Quote the whole listing word for word. Do not include the pictures.

Top of DATA FOR REVIEW

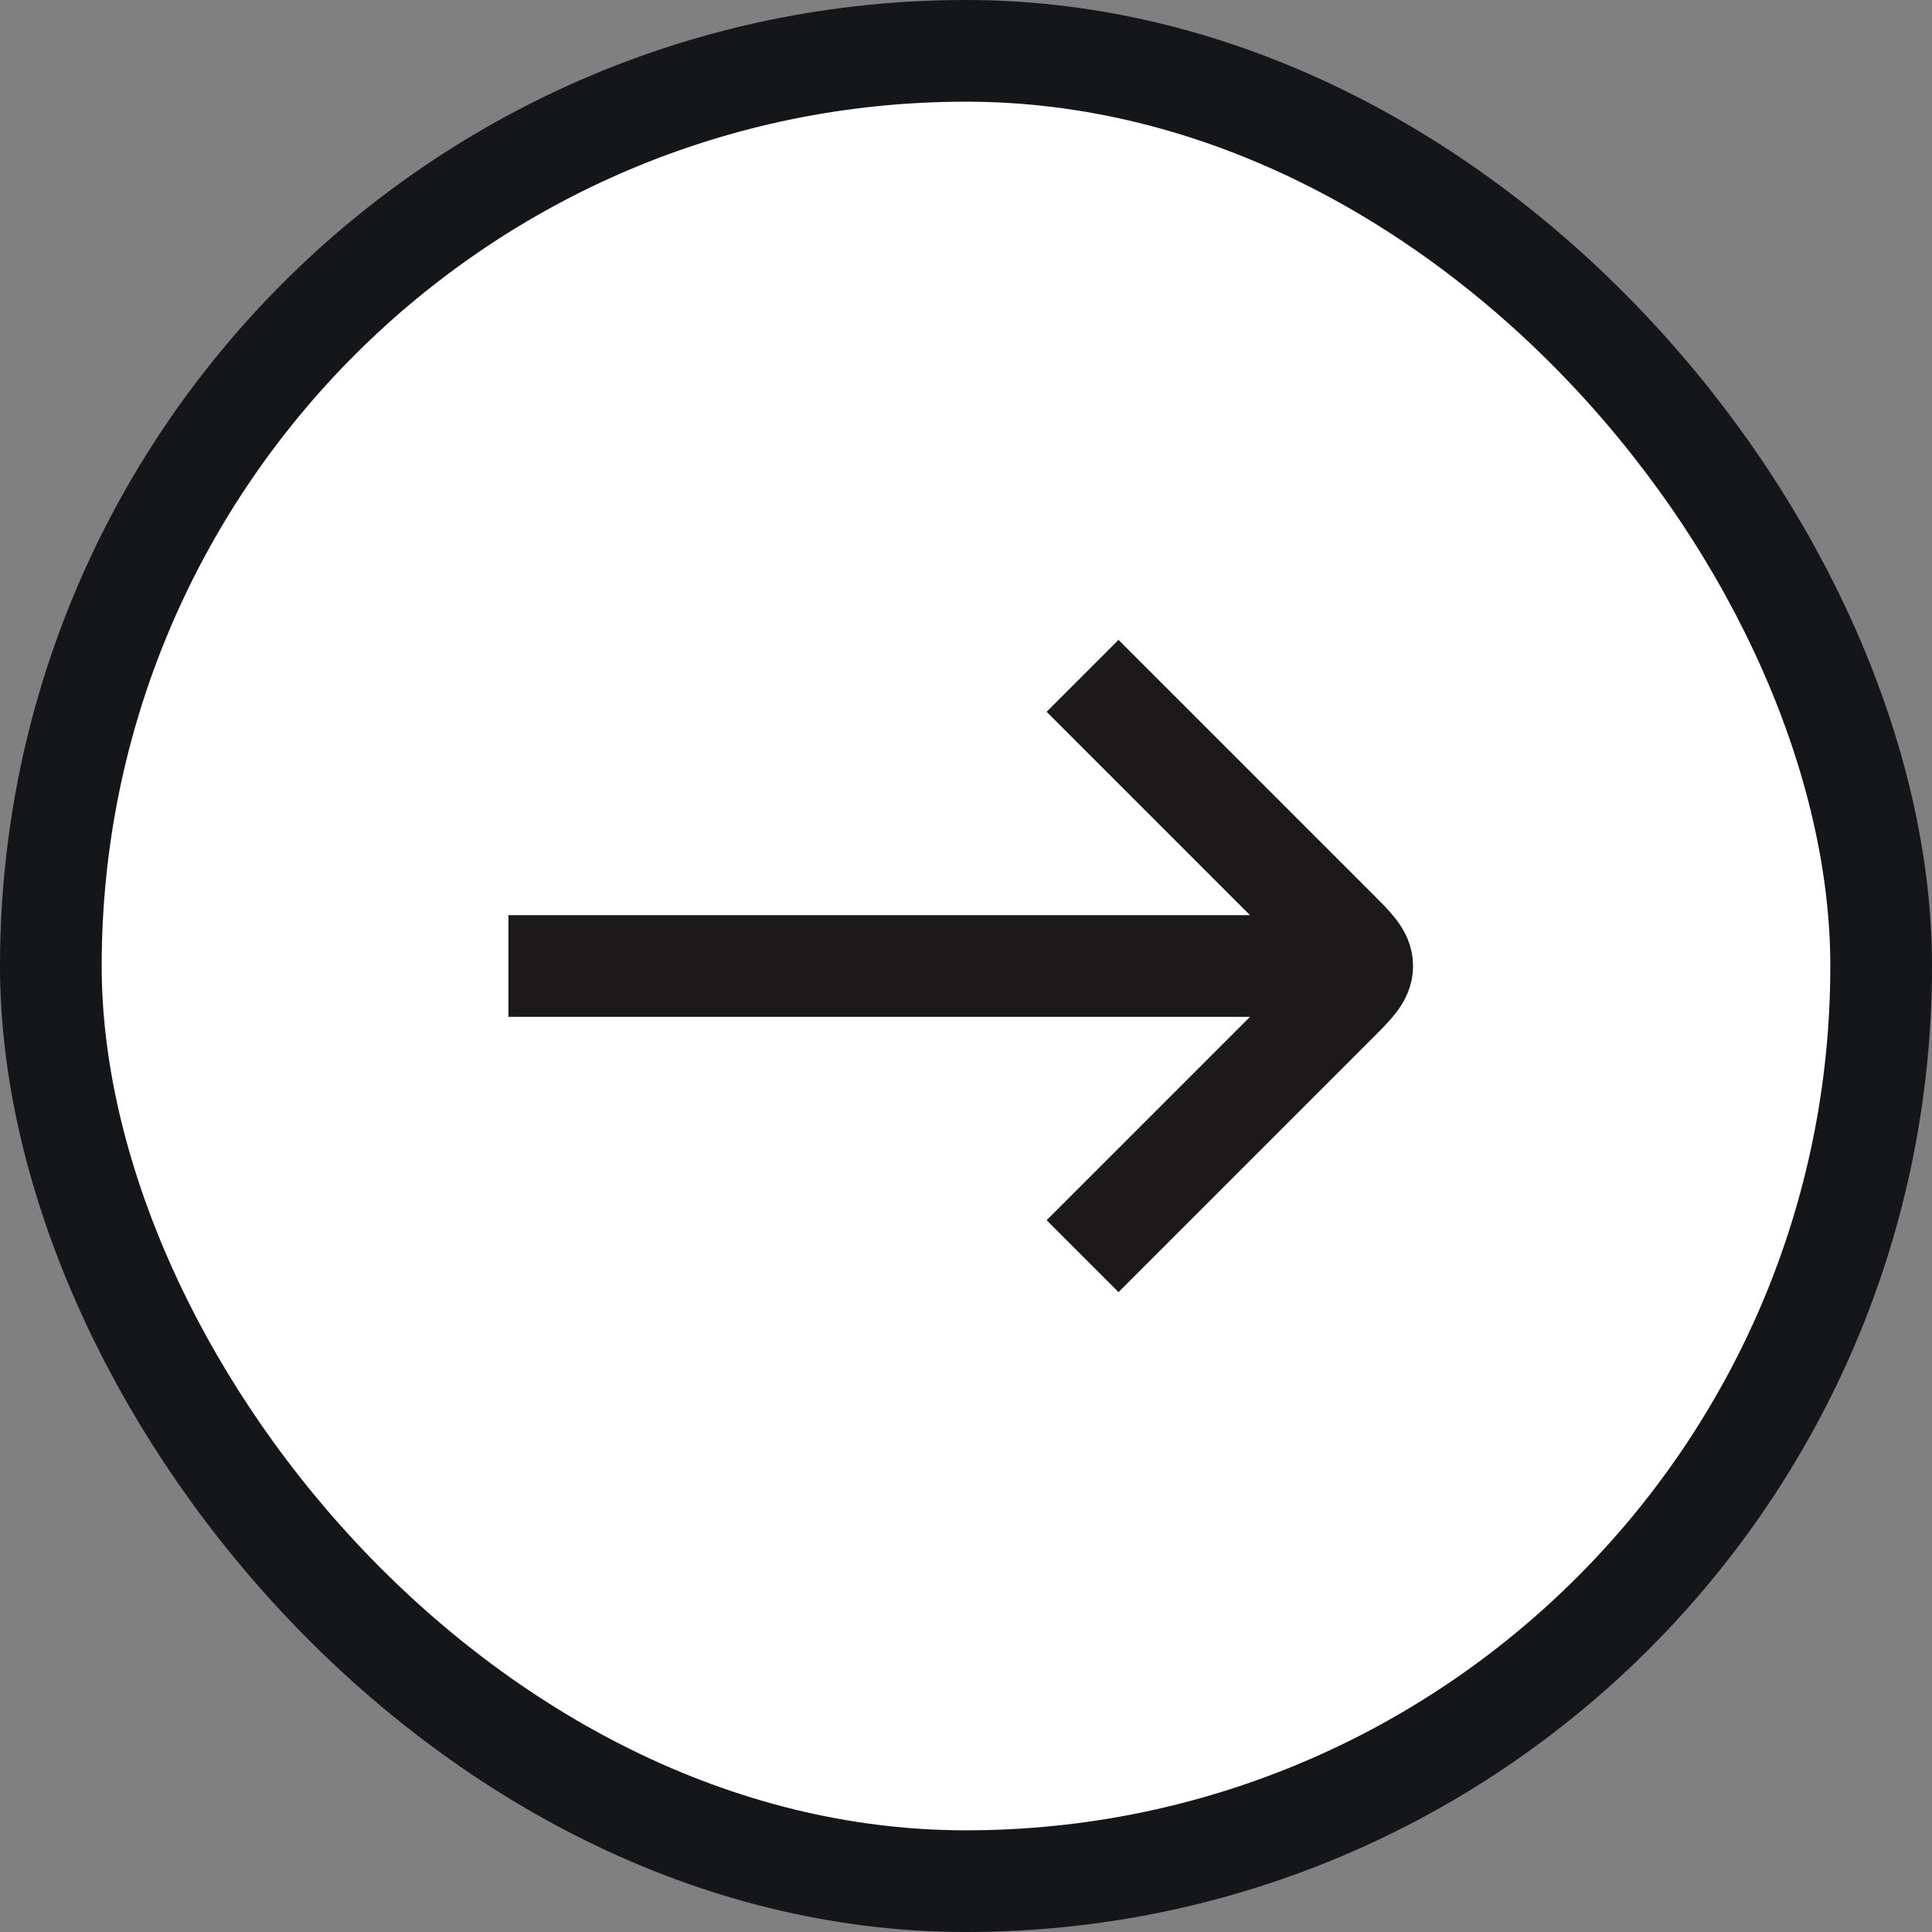 <svg width="38" height="38" viewBox="0 0 38 38" fill="none" xmlns="http://www.w3.org/2000/svg">
<rect x="0" y="0" width="38" height="38" fill="#808080" stroke="none"/>
<rect x="1" y="1" width="36" height="36" rx="18" fill="white"/>
<rect x="1" y="1" width="36" height="36" rx="18" stroke="#14161A" stroke-width="2"/>
<path d="M26 19L11 19" stroke="#1C191A" stroke-width="2" stroke-linecap="square" stroke-linejoin="round"/>
<path d="M22 14L26.293 18.293C26.626 18.626 26.793 18.793 26.793 19C26.793 19.207 26.626 19.374 26.293 19.707L22 24" stroke="#1C191A" stroke-width="2" stroke-linecap="square" stroke-linejoin="round"/>
</svg>

Bottom of DATA FOR REVIEW

SOLUTION.
 <svg width="38" height="38" viewBox="0 0 38 38" fill="none" xmlns="http://www.w3.org/2000/svg">
<rect x="0" y="0" width="38" height="38" fill="#808080" stroke="none"/>
<rect x="1" y="1" width="36" height="36" rx="18" fill="white"/>
<rect x="1" y="1" width="36" height="36" rx="18" stroke="#14161A" stroke-width="2"/>
<path d="M26 19L11 19" stroke="#1C191A" stroke-width="2" stroke-linecap="square" stroke-linejoin="round"/>
<path d="M22 14L26.293 18.293C26.626 18.626 26.793 18.793 26.793 19C26.793 19.207 26.626 19.374 26.293 19.707L22 24" stroke="#1C191A" stroke-width="2" stroke-linecap="square" stroke-linejoin="round"/>
</svg>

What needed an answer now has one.